This invention relates to gas analyzers and more particularly concerns a gas analyzer for the instantaneous testing of the percentages of the components of a ternary gas mixture comprising carbon dioxide, oxygen and saturated steam, which is intended more particularly for the fuel supply to an engine for submarine operation.
It is necessary to determine the percentages of the two gas components needed in a ternary gas mixture saturated with steam even when the pressure and the temperature may fluctuate within significantly wide ranges and more particularly when the values of the percentages are required to be determined in as short a period of time as possible compared to the variations of these percentages occurring. One specific situation is to test the percentages of carbon dioxide and oxygen in the intake mixture of an internal-combustion engine with exhaust gas recirculation employed in submarine operation. The knowledge of these percentages is indispensible in order that the stream of oxygen to be introduced into the circuit of the internal-combustion engine can be regulated in such a way that the percentage of the oxygen in the gas mixture assumes its optimum value.
Currently available conventional gas analyzers do not present these possibilities, for the following reasons:
the value of the percentage to be tested cannot be determined instantaneously, on the contrary a time of some ten seconds required for that purpose cannot be further reduced;
the information as to the value of the percentage of the one component of the gas mixture stands in close relationship to the value of the instantaneous pressure and this value must therefore be known with sufficient precision, otherwise the second information, i.e., the value of the percentage of the second gas, must be determined separately, which means that for this second possibility two gas analyzers must be available, which obviously requires more complicated apparatus and reduced reliability;
trouble-free operation of the conventional gas analyzers depends upon the temperature level of the gas mixture, and at temperatures which exceed a certain limit, the information obtainable in practice contains considerable errors; and
sufficiently pure gases must be present.
An object of the present invention is to overcome the above-mentioned difficulties by approaching the problem on the basis of an entirely different principle.
According to the present invention I provide a gas analyzer for instantaneously testing the percentages of the components of a binary gas mixture comprising carbon dioxide and oxygen, or a ternary one additionally containing saturated steam, which analyzer is intended more particularly for the supply of fuel to an engine for submarine operation, said analyzer including a temperature test apparatus to test the temperature T of the gas mixture, a sound velocity test apparatus to test the sound transmission velocity V in the gas mixture and a calculator to calculate the value of the ratio V.sup.2 /T or a value proportional thereto.

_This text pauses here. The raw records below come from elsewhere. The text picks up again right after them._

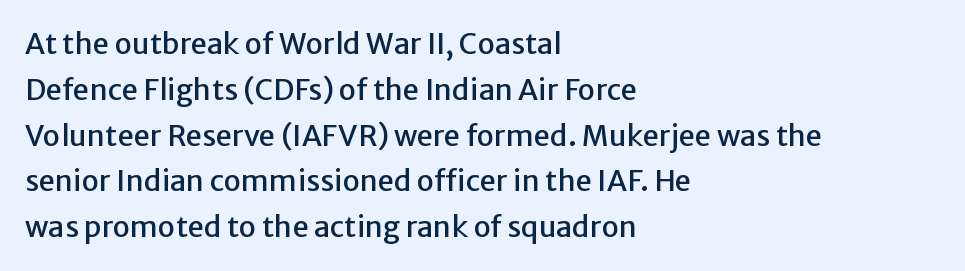
Typographically, this falls in the sans-serif category. Nobody touched the tracking dial on this one. These lines are set flush left with a ragged right edge. The specimen omits any rule beneath the text block's lines.
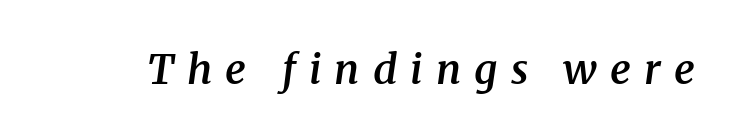
{"serif": "yes", "italic": "yes", "lean": "right", "slant_degrees": 8, "bold": "semi", "weight": "semibold", "width": "normal", "stroke_contrast": "medium", "x_height": "medium", "monospaced": "no", "underline": "no", "letter_spacing": "wide", "letter_spacing_em": 0.32, "glyph_px": 41}
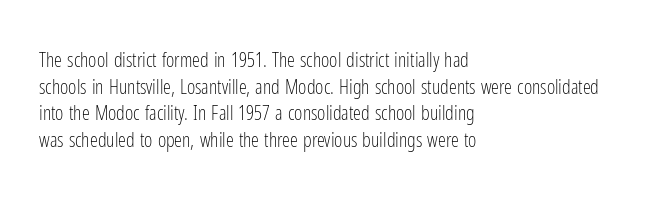
The image shows 20 px text type, upright; set left-aligned, normal line spacing (1.33x), normal letter spacing, not underlined.
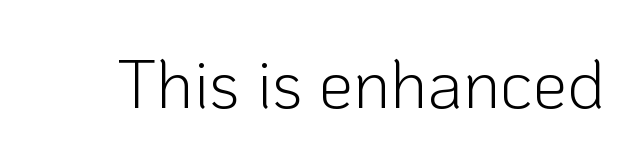
{"serif": "no", "italic": "no", "bold": "no", "weight": "light", "width": "normal", "stroke_contrast": "low", "x_height": "medium", "monospaced": "no", "underline": "no", "letter_spacing": "normal", "letter_spacing_em": 0.0, "glyph_px": 69}
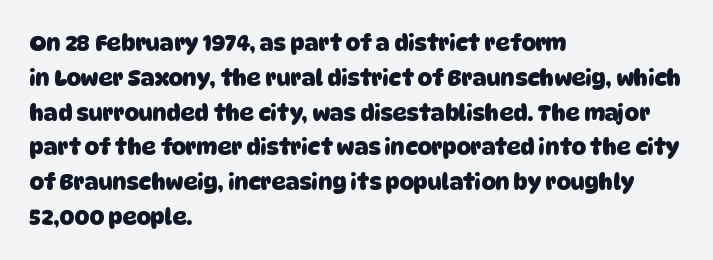
The image shows 22 px bold type; set left-aligned, normal line spacing (1.58x), normal letter spacing, not underlined.
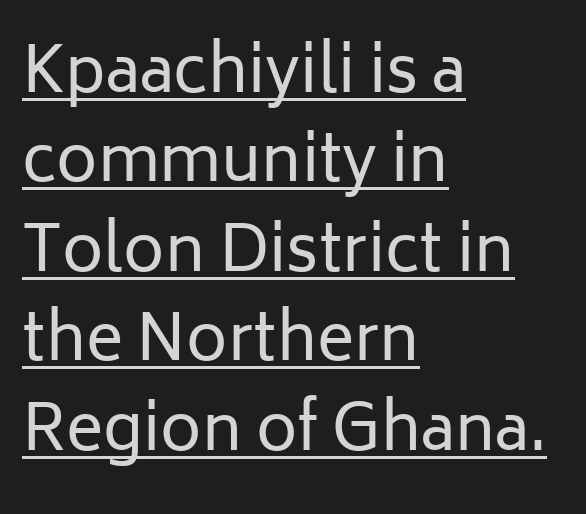
Q: Is the text bold? A: No.
Q: Is the text italic (slanted)? A: No, it is upright.
Q: Is the typeface a serif or a sans-serif typeface? A: Sans-serif.
Q: Is the text underlined? A: Yes.
Q: How is the paragraph aligned? A: Left-aligned.
Q: Is the spacing between letters normal or unusually wide? A: Normal.
Q: Is the spacing between lines tight, normal or loose? A: Normal.
Q: Width (condensed, normal, or wide)? A: Normal.
Q: Stroke contrast? A: Low.
Q: x-height? A: Medium.
Q: Monospaced? A: No.
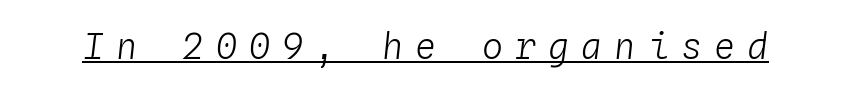
{"italic": "yes", "lean": "right", "slant_degrees": 4, "bold": "no", "weight": "light", "width": "normal", "stroke_contrast": "low", "x_height": "medium", "monospaced": "yes", "underline": "yes", "letter_spacing": "wide", "letter_spacing_em": 0.35, "glyph_px": 35}
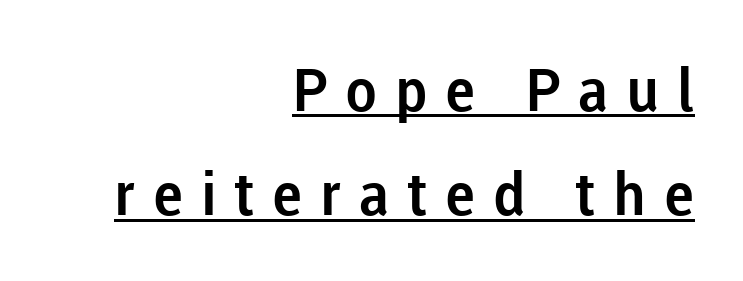
Substantial extra tracking has been applied to these lines. Note: no serifs on the glyphs. Do the characters align in a grid? No, the font is proportional. Decoration check: the copy is underlined. This rendering uses right alignment, leaving the left contour irregular. Italic? Not at all — the glyphs are vertical.
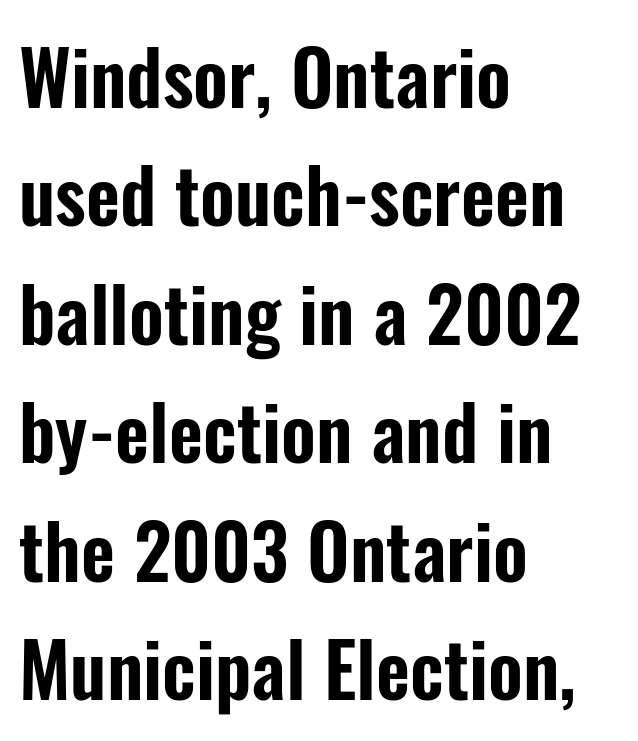
What's the leading like? Ordinary, nothing unusual. The lines are quadded left. No word sits above an underline. Tall strokes in this sample are plumb rather than angled.
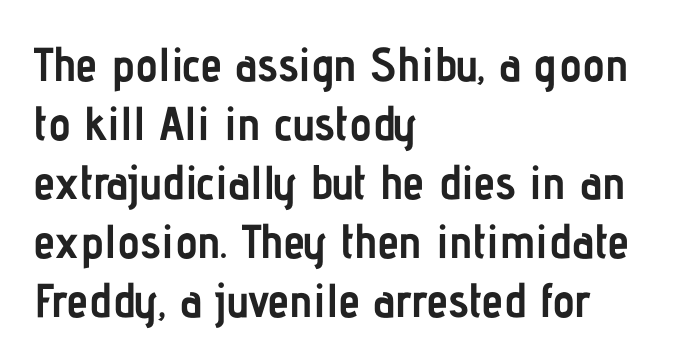
{"serif": "no", "italic": "no", "bold": "yes", "weight": "semibold", "width": "condensed", "stroke_contrast": "low", "x_height": "medium", "monospaced": "no", "underline": "no", "align": "left", "line_spacing_ratio": 1.23, "letter_spacing": "normal", "letter_spacing_em": 0.0, "glyph_px": 48}
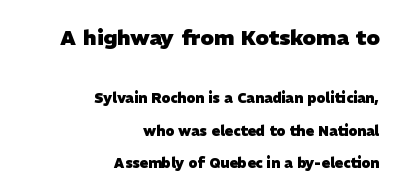
{"bold": "yes", "underline": "no", "align": "right", "line_spacing": "loose", "line_spacing_ratio": 2.31, "letter_spacing": "normal", "letter_spacing_em": 0.0, "larger_block": "first", "size_ratio": 1.5, "glyph_px": 21}
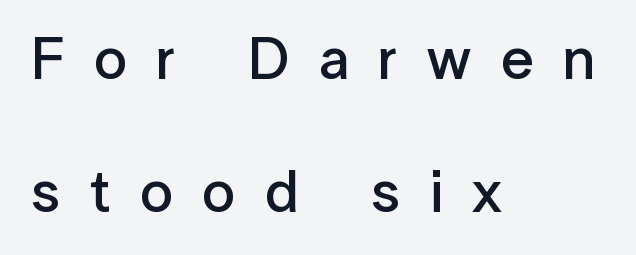
Q: Is the text bold? A: Semi-bold.
Q: Is the text italic (slanted)? A: No, it is upright.
Q: Is the typeface a serif or a sans-serif typeface? A: Sans-serif.
Q: Is the text underlined? A: No.
Q: How is the paragraph aligned? A: Left-aligned.
Q: Is the spacing between letters normal or unusually wide? A: Unusually wide.
Q: Is the spacing between lines tight, normal or loose? A: Loose.
Q: Width (condensed, normal, or wide)? A: Normal.
Q: Stroke contrast? A: Low.
Q: x-height? A: Medium.
Q: Monospaced? A: No.
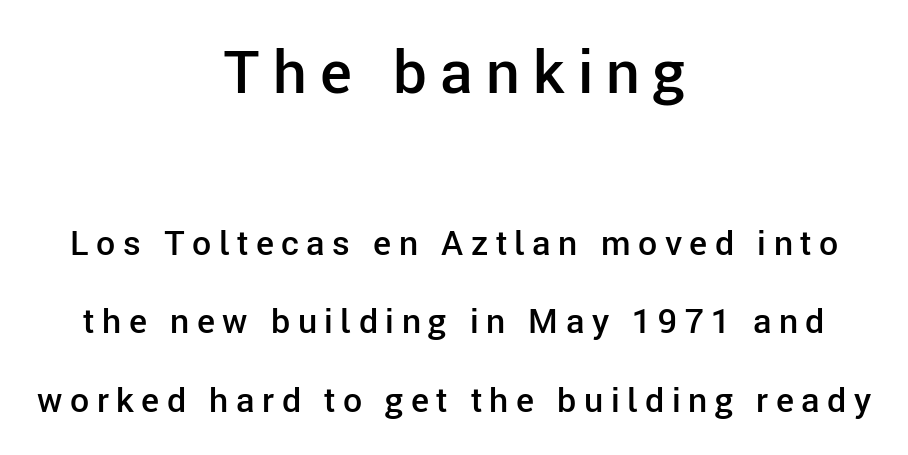
{"serif": "no", "italic": "no", "bold": "semi", "weight": "semibold", "width": "normal", "stroke_contrast": "low", "x_height": "medium", "monospaced": "no", "underline": "no", "align": "center", "line_spacing": "loose", "line_spacing_ratio": 2.31, "letter_spacing": "wide", "letter_spacing_em": 0.22, "larger_block": "first", "size_ratio": 1.76, "glyph_px": 60}
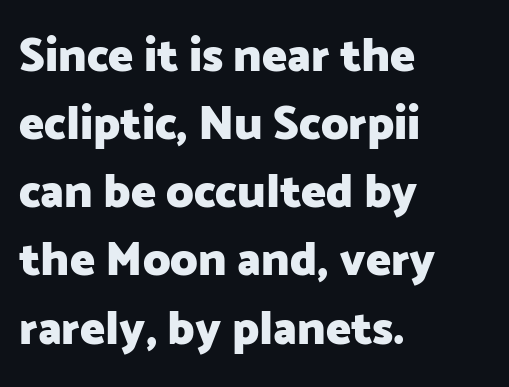
Compared with an ordinary text face, these strokes are far heavier — a full bold. The text was rendered using a sans face with plain stroke endings. All the whitespace from short lines collects on the right. The type sits square on the baseline with zero lean. The rendering uses a moderate line-height, typical for paragraphs.
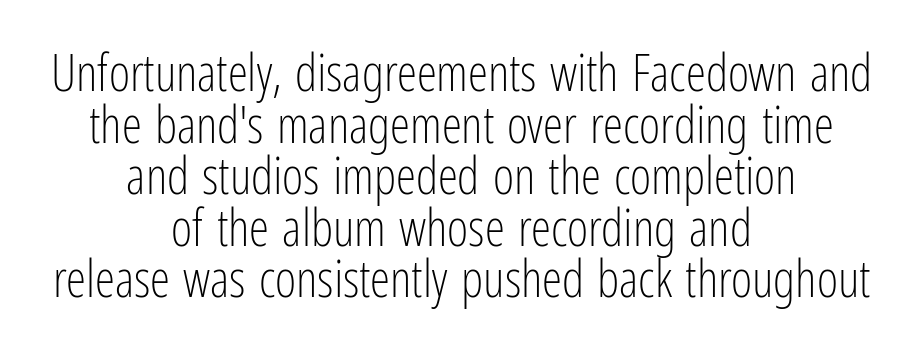
The image shows 51 px light, condensed sans-serif type, upright; set centered, tight line spacing (1.01x), normal letter spacing, not underlined; low stroke contrast and a medium x-height.
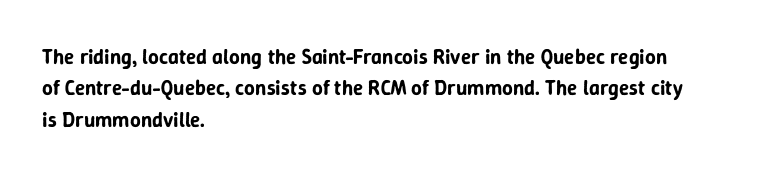
The compositor pushed each line to the left boundary. The designer left line spacing at the default. The rendering keeps characters at their native spacing. No italicization has been applied; the sample stays upright. Clear beneath every line of the passage.
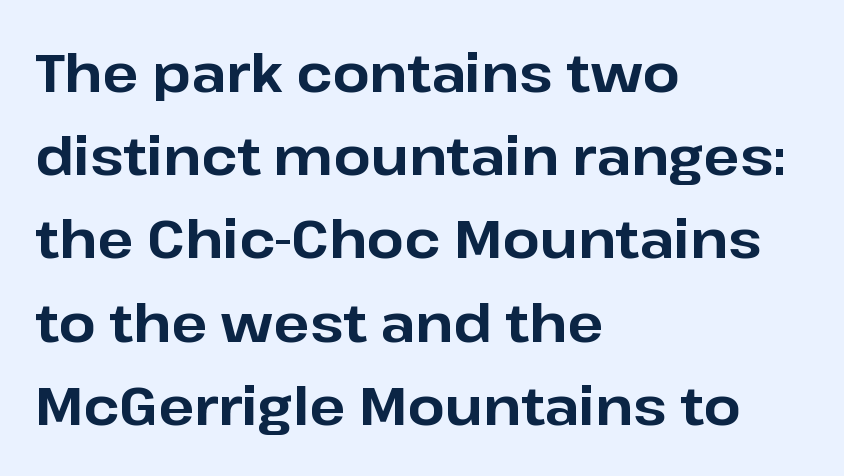
The rag falls on the right side of this text block. The letters advance in unequal steps, a hallmark of proportional type. These lines are composed in type without serifs. Students, this is bold: see how much ink each stroke carries.
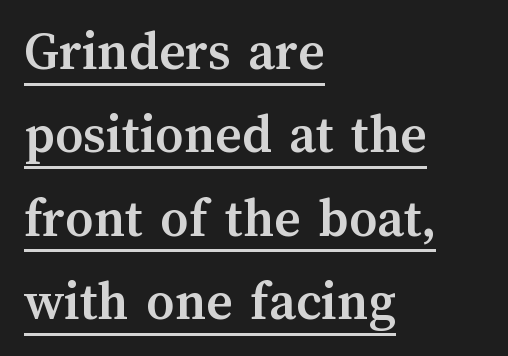
The image shows 56 px semibold type, upright; set left-aligned, normal line spacing (1.49x), normal letter spacing, underlined; medium stroke contrast and a medium x-height.
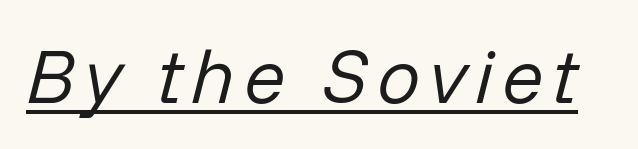
Stems here are at most as thick as an everyday book face. Is this a fixed-width face? No — the glyphs have proportional, varying widths. Glance below the letters and you will spot a drawn line. Looking at the ascenders, they clearly lean.
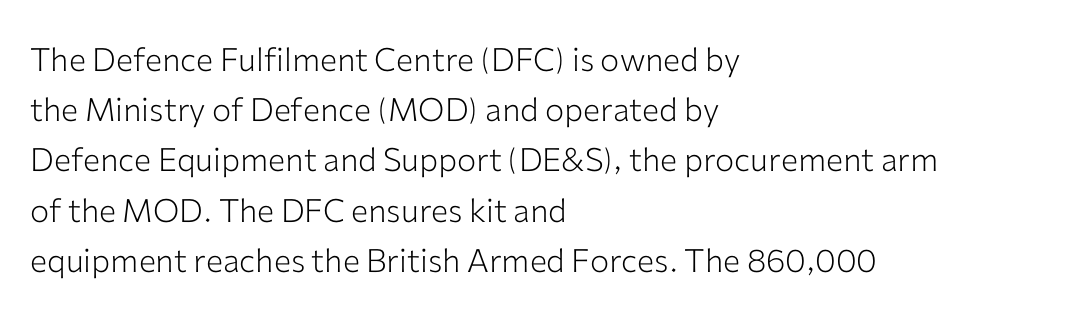
{"serif": "no", "italic": "no", "bold": "no", "weight": "light", "width": "normal", "stroke_contrast": "low", "x_height": "medium", "monospaced": "no", "underline": "no", "align": "left", "line_spacing": "normal", "line_spacing_ratio": 1.57, "letter_spacing": "normal", "letter_spacing_em": 0.0, "glyph_px": 32}
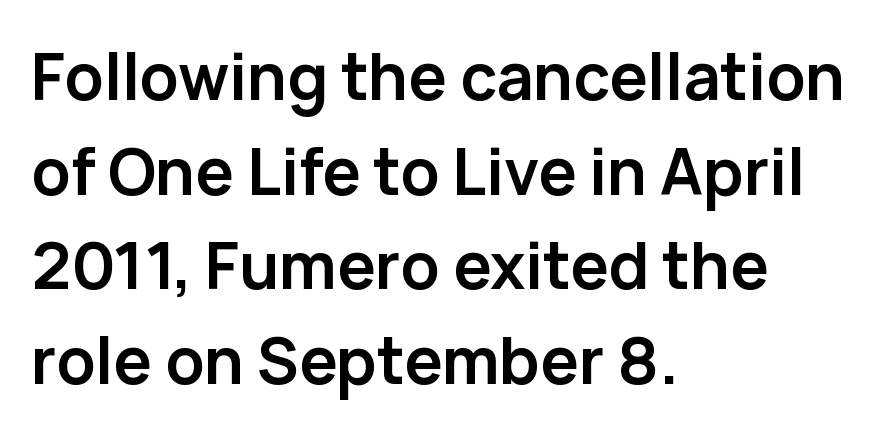
Q: Is the text bold? A: Yes.
Q: Is the text italic (slanted)? A: No, it is upright.
Q: Is the typeface a serif or a sans-serif typeface? A: Sans-serif.
Q: Is the text underlined? A: No.
Q: How is the paragraph aligned? A: Left-aligned.
Q: Is the spacing between letters normal or unusually wide? A: Normal.
Q: Is the spacing between lines tight, normal or loose? A: Normal.
Q: Width (condensed, normal, or wide)? A: Normal.
Q: Stroke contrast? A: Low.
Q: x-height? A: Medium.
Q: Monospaced? A: No.
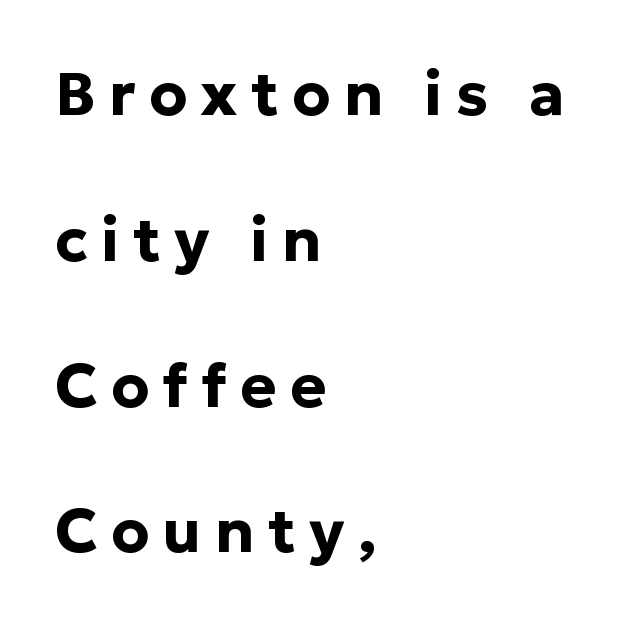
The image shows 61 px bold sans-serif type, upright; set left-aligned, loose line spacing (2.39x), unusually wide letter spacing (+0.22 em), not underlined; low stroke contrast and a medium x-height.
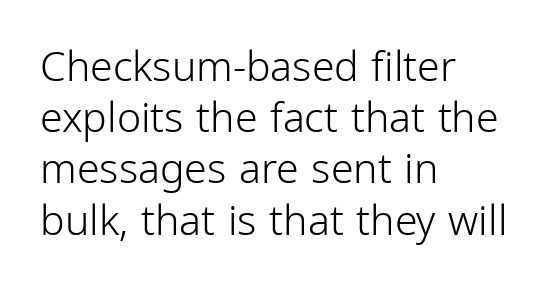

The solution achieved by the present invention is based upon the principle that the sound transmission velocity in a continuous gaseous medium is a function of the characteristics of the gas and of the temperature in accordance with the known relation. ##EQU1## wherein
V=sound transmission velocity in the gas mixture [m. sec.sup.-1 ],
.gamma.=ratio c.sub.p /c.sub.v of the specific heat at constant pressure to the specific heat at constant volume of the gas mixture,
R=characteristic constant of the gas mixture [m.sup.2.sec.sup.-2..degree.K..sup.-1 ],
T=absolute temperature of the gas mixture [.degree.K.].
From the temperature of the gas mixture and from the sound transmission velocity it is possible to derive the value of the quantity EQU .gamma.R=V.sup.2 /T
which is a function of the parameters of the gas mixture, i.e., of the percentages of the components which exhibit known physical and thermodynamic properties. The values of these percentages are therefore immediately and simultaneously determinable.
In the case of the gas mixture with two components (carbon dioxide and oxygen) the relation EQU .gamma.R=.gamma..sub.1 R.sub.1 p.sub.1 +.gamma..sub.2 R.sub.2 p.sub.2,
applies wherein the indices 1 and 2 refer to the first and second gas respectively and p.sub.1 and p.sub.2 represent the percentage by weight of the first and of the second gas respectively.
The case of the ternary gas mixture which additionally contains saturated steam with the weight percentage p.sub.3, to which the relation EQU .gamma.R=.gamma..sub.1 R.sub.1 p.sub.1 +.gamma..sub.2 R.sub.2 p.sub.2 +.gamma..sub.3 R.sub.3 p.sub.3
applies can be reduced in a simple way to the previous case because the temperature value permits the determination of the water content present in the gas mixture and hence in turn the values of the percentages of the two other components can be determined from the temperature and from the sound transmission velocity.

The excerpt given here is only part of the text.